** INPUT RECORDS follows **

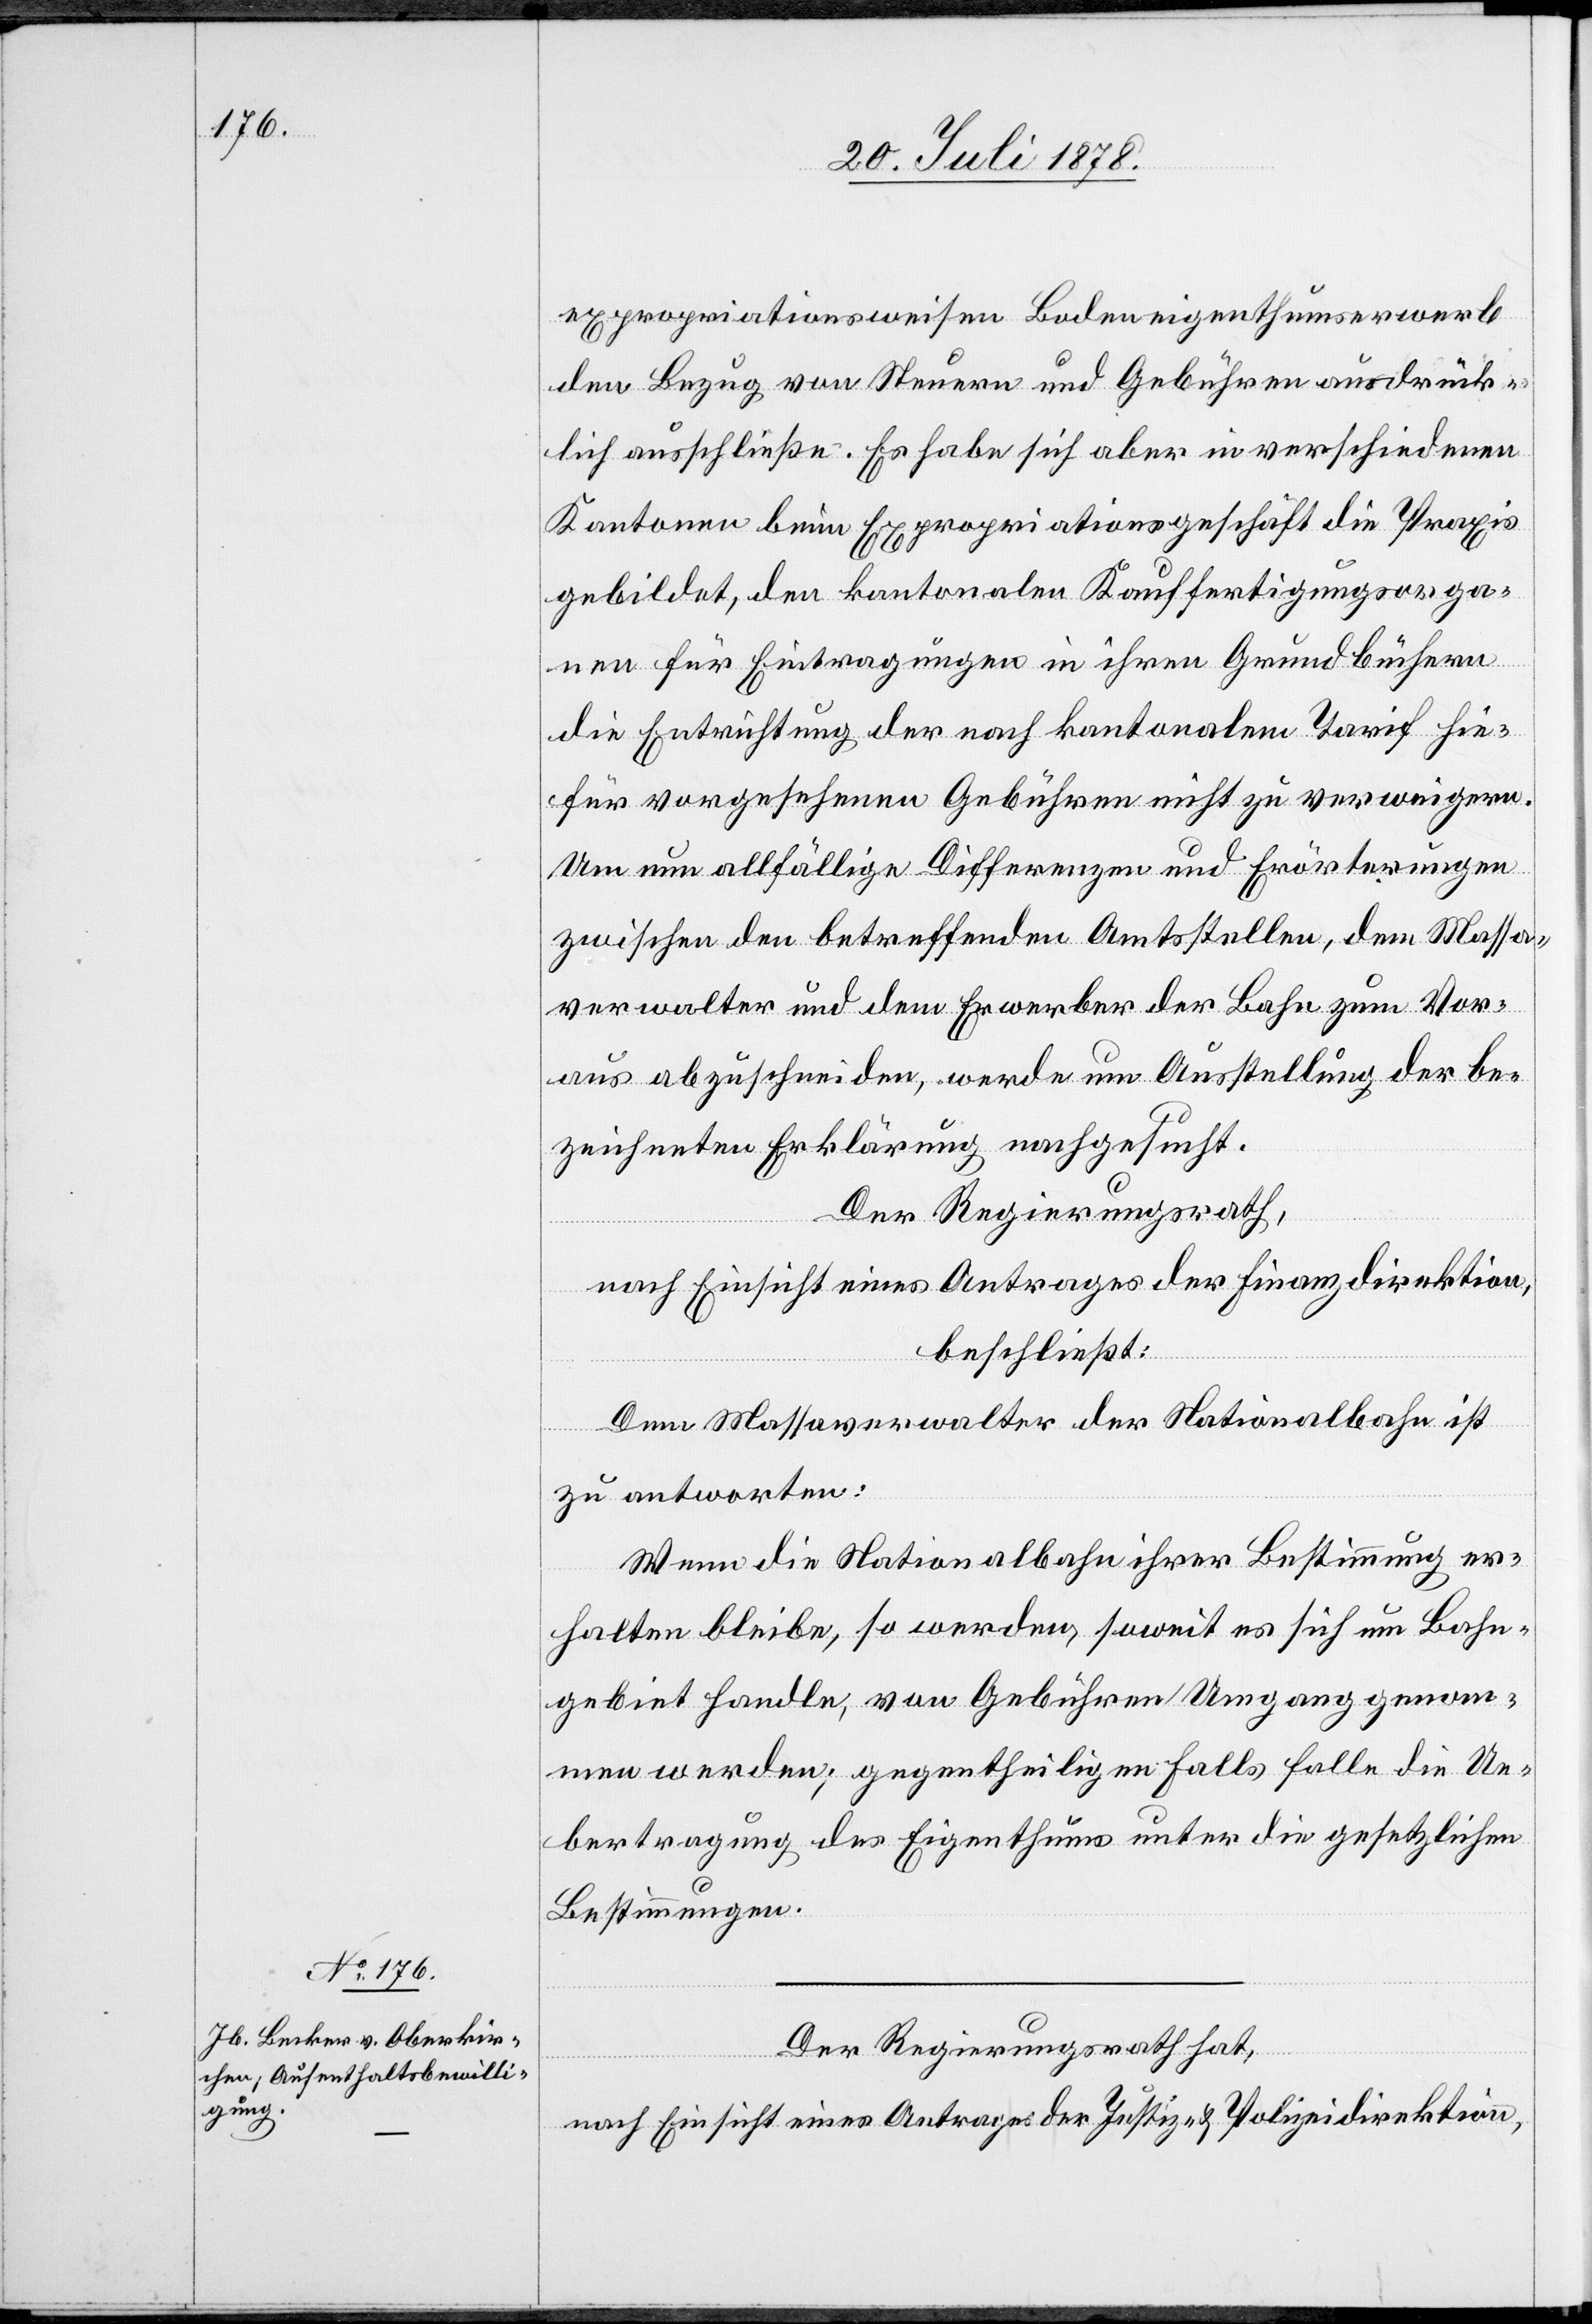
expropriationsweisen Bodeneigenthumserwerb
den Bezug von Steuern und Gebühren ausdrück¬
lich ausschließe. Es habe sich aber in verschiedenen
Kantonen beim Expropriationsgeschäft die Praxis
gebildet, den kantonalen Kauffertigungsorga¬
nen für Eintragungen in ihren Grundbüchern
die Entrichtung der nach kantonalem Tarif hie¬
für vorgesehenen Gebühren nicht zu verweigern.
Um nun allfällige Differenzen und Erörterungen
zwischen den betreffenden Amtsstellen, dem Massa¬
verwalter und dem Erwerber der Bahn zum Vor¬
aus abzuschneiden, werde um Ausstellung der be¬
zeichneten Erklärung nachgesucht.
Der Regierungsrath,
nach Einsicht eines Antrages der Finanzdirektion,
beschließt:
Dem Massaverwalter der Nationalbahn ist
zu antworten:
Wenn die Nationalbahn ihrer Bestimmung er¬
halten bleibe, so werden [sic!], soweit es sich um Bahn¬
gebiet handle, von Gebühren Umgang genom¬
men werden; gegentheiligen Falls falle die Ue¬
bertragung des Eigenthums unter die gesetzlichen
Bestimmungen.
Der Regierungsrath hat,
nach Einsicht eines Antrages der Justiz- & Polizeidirektion,
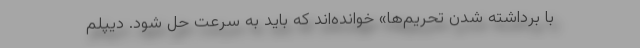
با برداشته شدن تحریم‌ها» خوانده‌اند که باید به سرعت حل شود. دیپلم
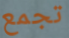
تجمع
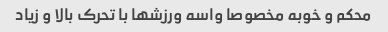
محکم و خوبه مخصوصا واسه ورزشها با تحرک بالا و زیاد
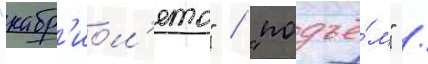
"кабр'иол'ето" / "подъё́м" /
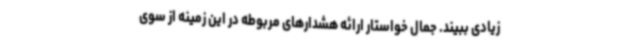
زیادی ببیند. جمال خواستار ارائه هشدارهای مربوطه در این زمینه از سوی
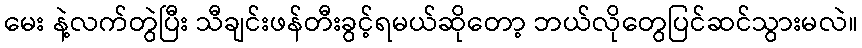
မေး နဲ့လက်တွဲပြီး သီချင်းဖန်တီးခွင့်ရမယ်ဆိုတော့ ဘယ်လိုတွေပြင်ဆင်သွားမလဲ။
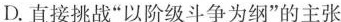
D.直接挑战”以阶级斗争为纲”的主张
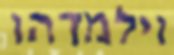
וילמדהו
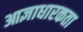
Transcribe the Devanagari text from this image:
आज्ञाधारकता
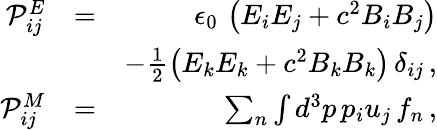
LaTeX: \begin{array}{rlr}{{\cal P}_{ij}^{E}}&{=}&{\epsilon_{0}\, \left(E_{i}E_{j}+c^{2}B_{i}B_{j}\right)}\\ &{}&{-\frac{1}{2}\left(E_{k}E_{k}+c^{2}B_{k}B_{k}\right)\, \delta_{ij}\, ,}\\ {{\cal P}_{ij}^{M}}&{=}&{\sum_{n}\int d^{3}p\, p_{i}u_{j}\, f_{n}\, ,}\end{array}
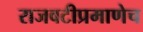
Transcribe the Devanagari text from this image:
राजवटीप्रमाणेच
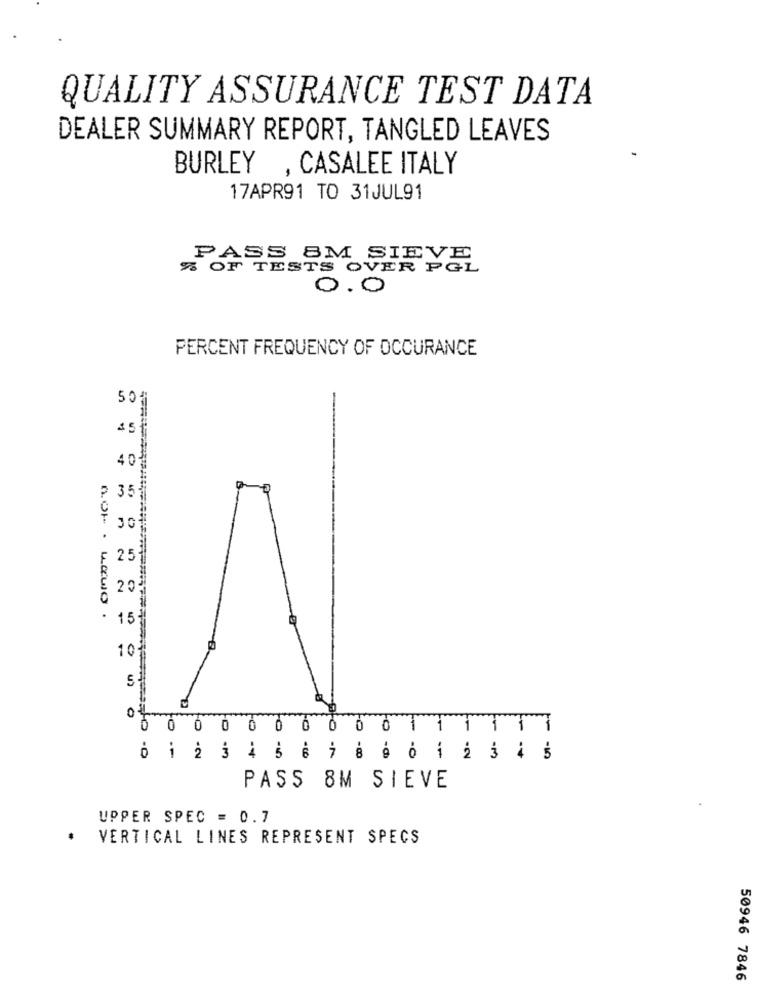
QUALITY ASSURANCE TEST DATA
DEALER SUMMARY REPORT, TANGLED LEAVES
BURLEY , CASALEE ITALY
17APR91 TO 31JUL91
PASS 8M SIEVE
% OF TESTS OVER PGL
0.0
PERCENT FREQUENCY OF OCCURANCE
501
45
401
35
25
20
not . wawo .
15
10
5
CL
0
0 0 0 0 0 0 0 0 0 0
6 1 2 3 4 5 6 7 8 9 0 1 2 3 4 5
PASS 8M SIEVE
UPPER SPEC = 0.7
VERTICAL LINES REPRESENT SPECS
50946 7846
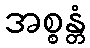
အစ္စန္တံ
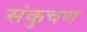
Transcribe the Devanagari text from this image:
संकुचण

** End of INPUT RECORDS **

WORK ORDER
Reproduce each line of the records in which the string "Nationalbahn" appears.

ANSWER AREA
Dem Massaverwalter der Nationalbahn ist
Wenn die Nationalbahn ihrer Bestimmung er¬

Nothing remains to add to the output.